My plan is to tackle one room at a time so I don't feel overwhelmed.


----------



## nduetime (Dec 15, 2005)

Lately, all I can think about is how crowded I feel. Took care of all the Christmas stuff but still feel closed in. One room at a time, preferably when DH is not around.


----------



## rainbowgardens (Dec 22, 2008)

Probably because we can't get outside due to the cold.
In the summer The messy crowded house doesn't bother me as much because I'm out in the great outdoors soaking in the sunshine.


----------



## LovPRQueen (Feb 11, 2008)

I'm preparing for a February garage sale. We're both packrats and our house is looking kinda cluttered.


----------



## cow whisperer (May 3, 2007)

My house is DONE.... :hobbyhors.... I am so excited.... I told DH that I am sleeping in the kitchen tonight.... ....

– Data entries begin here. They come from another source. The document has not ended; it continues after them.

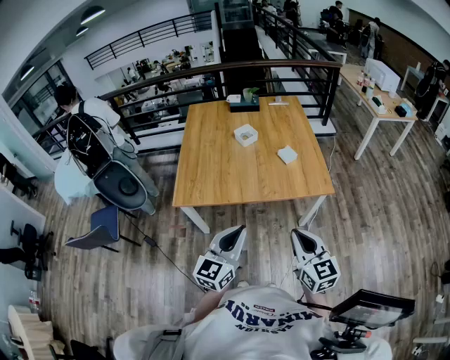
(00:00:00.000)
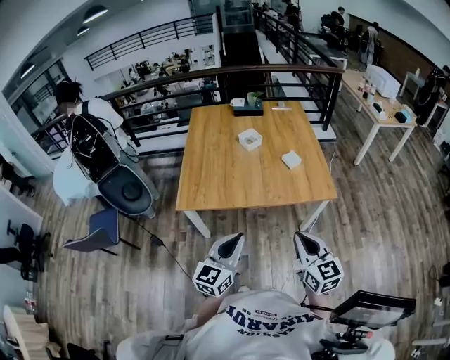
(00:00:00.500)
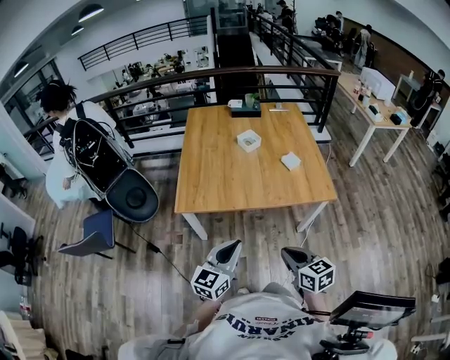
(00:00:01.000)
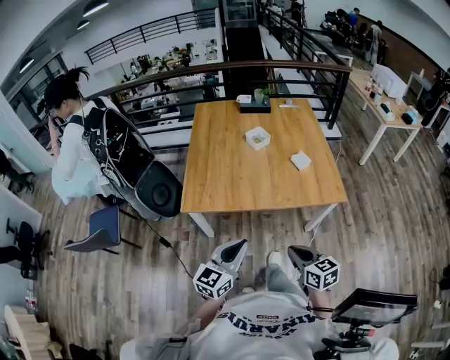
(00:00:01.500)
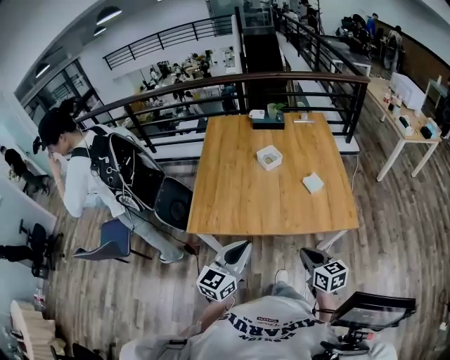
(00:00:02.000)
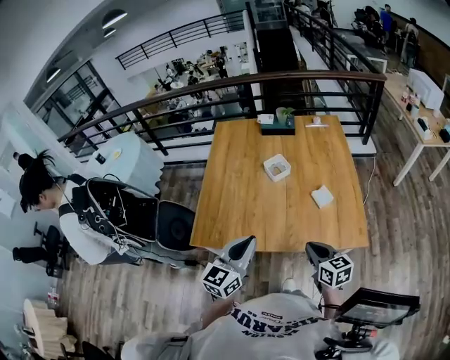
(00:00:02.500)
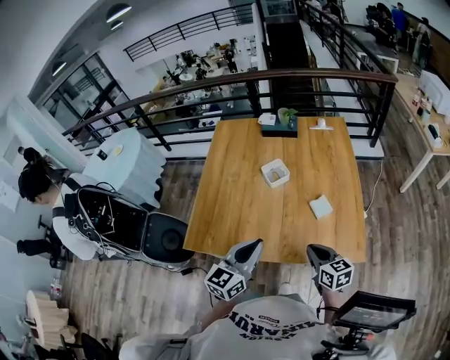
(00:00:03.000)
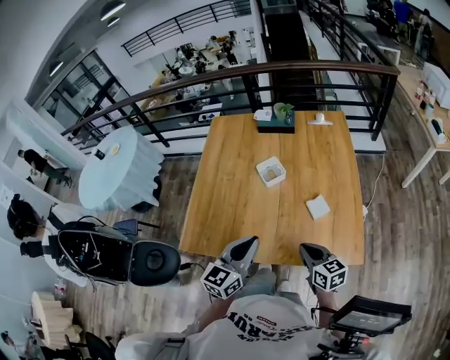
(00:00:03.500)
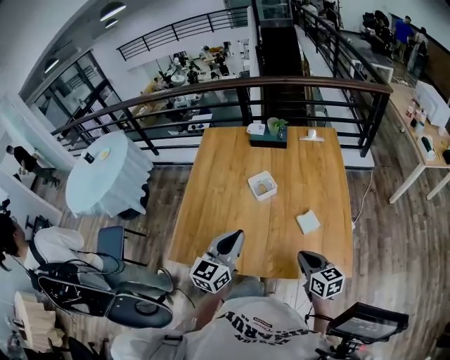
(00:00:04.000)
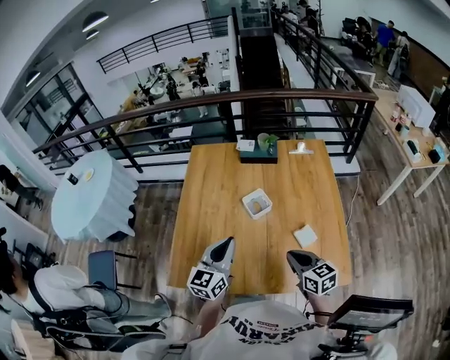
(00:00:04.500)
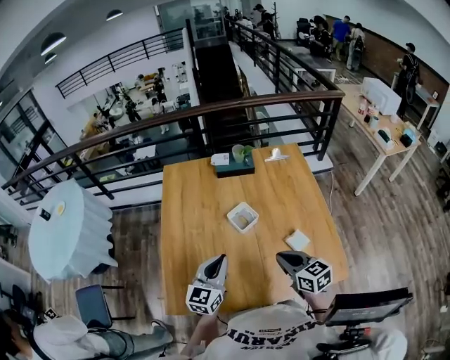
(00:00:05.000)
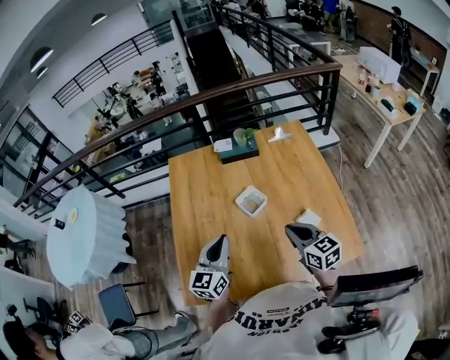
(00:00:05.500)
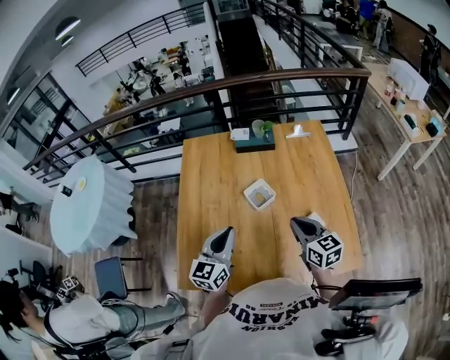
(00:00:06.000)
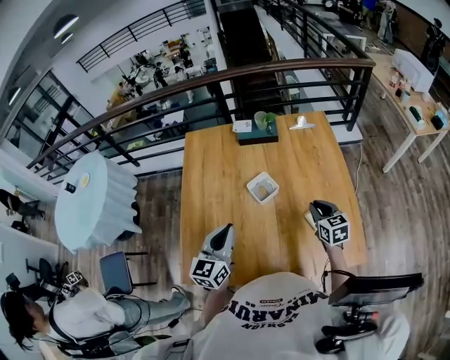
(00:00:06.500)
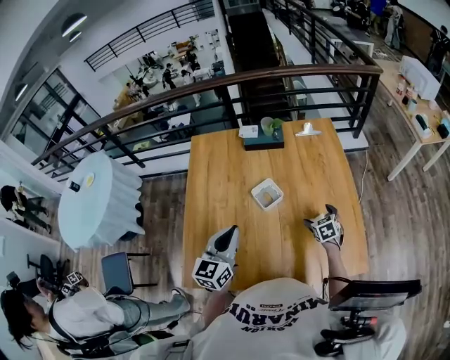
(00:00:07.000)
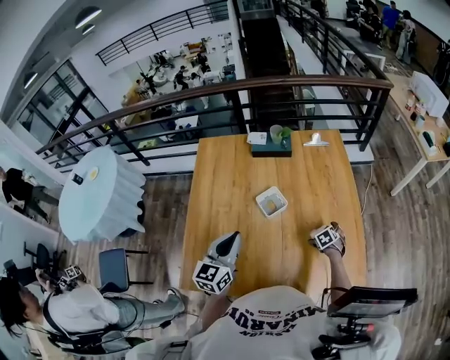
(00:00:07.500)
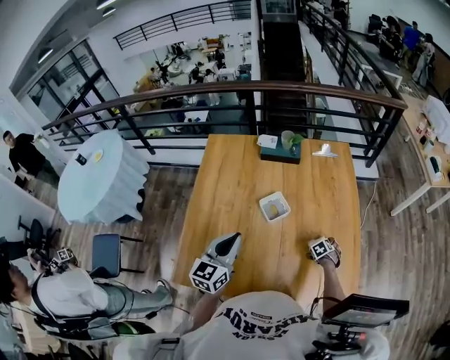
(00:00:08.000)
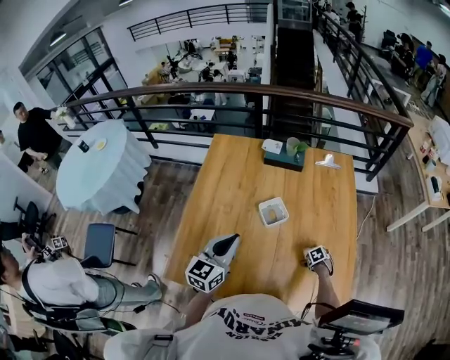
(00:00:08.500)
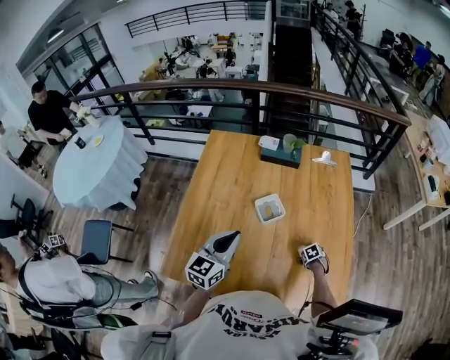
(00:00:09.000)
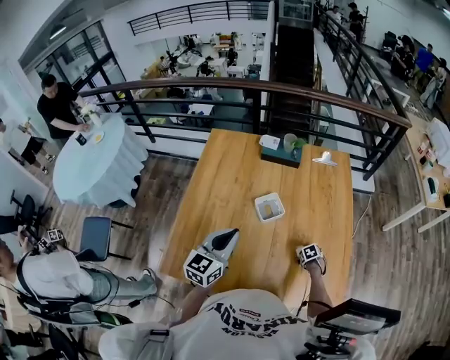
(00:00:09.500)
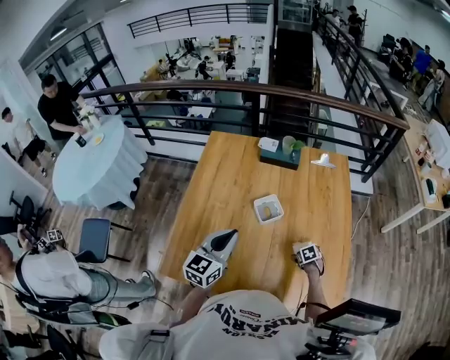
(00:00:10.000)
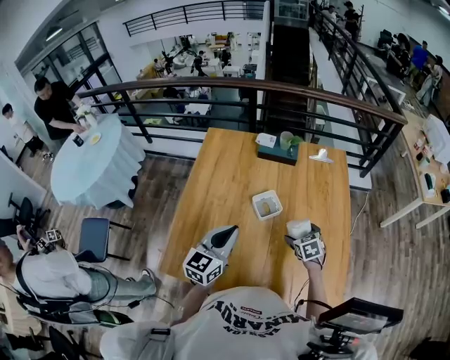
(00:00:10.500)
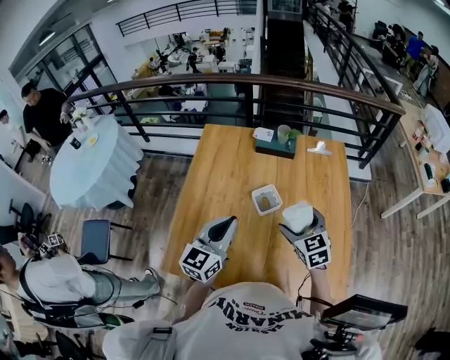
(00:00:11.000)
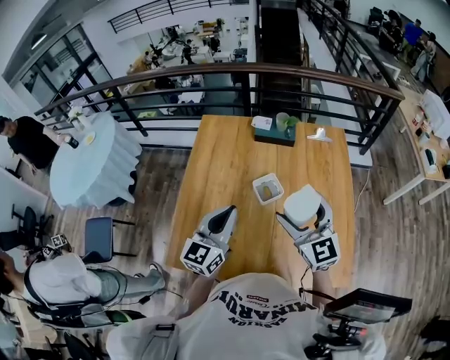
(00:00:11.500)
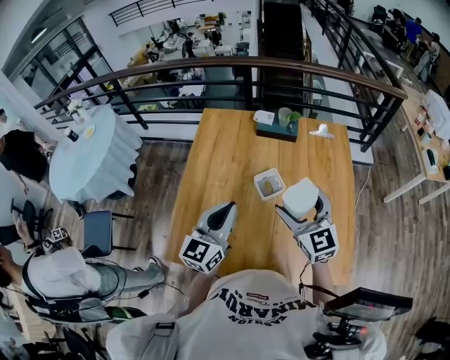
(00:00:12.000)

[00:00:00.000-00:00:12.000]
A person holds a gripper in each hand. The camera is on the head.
00:00:00.000 to 00:00:02.000: The left gripper goes roughly 15 cm forward and to the left; the right gripper is displaced forward and downward by some 20 cm, and swivels roughly 20 degrees.
00:00:02.000 to 00:00:04.000: The left gripper heads forward, covering some 30 cm, while the right gripper heads forward and to the right, covering approximately 30 cm.
00:00:04.000 to 00:00:06.000: The left gripper shifts about 15 cm forward and to the left, while the right gripper shifts approximately 20 cm forward, upward and to the left.
00:00:06.000 to 00:00:08.000: The right gripper heads downward, covering some 40 cm, points its fingers approximately 60 degrees further downward, and opens.
00:00:08.000 to 00:00:10.000: The right gripper shifts by some 5 cm.
00:00:10.000 to 00:00:12.000: The left gripper moves upward, some 5 cm. The right gripper goes approximately 40 cm upward, and points its fingers roughly 70 degrees further upward.

The only room I didn't touch today was the office.... that's only b/c I deap cleaned it last week... So just a quick vacuum & file a few things tomorrow.... 

:rock:


----------



## aaronwesley94 (May 23, 2008)

Yes..we were around here. I have been working the past few days organizing cabinets, getting rid of things that just HAVE to be kept...but end up being pure trash...ugggghhhhh....But, things are looking quite nice around here now. Congrats on getting it all finished!


----------



## mtfarmchick (Feb 18, 2003)

I finished my youngest daughter's room yesterday except for her bedding. Today was the middle child's room and the room that is SUPPOSED to be the rec room because that's where the pool table is. You would never know that was in there because it has been being used for folding laundry on. I'm not quiet done but should be able to I will use my days off to move all of my MIL's ceremic molds to an empty grain bin. That will free up 1/4 of my laudry room. Then I can have a real storage area. It is such a wonderful feeling to be getting this done. Although my husband came home tonight and from the way the kitchen looks probably thought I didn't do anything.


----------



## lickcreek (Apr 7, 2006)

cow whisperer ~ I can SO relate! I have been battling the clutter seriously for MONTHS now. And now that we have started some remodeling projects, it has gotten worse. And since DH is NOT the best at staying with something, it has been a long drawn out process. But I keep telling myself there IS a light at the end of this tunnel, and we WILL be more organized when this is over. The remodeling projects are the kind that manage to affect EVERY room in the house, closets included, so no room has been left untouched. Except the bathroom, which is pretty much sparkling clean, as it is the only room I can do top to bottom at the moment. 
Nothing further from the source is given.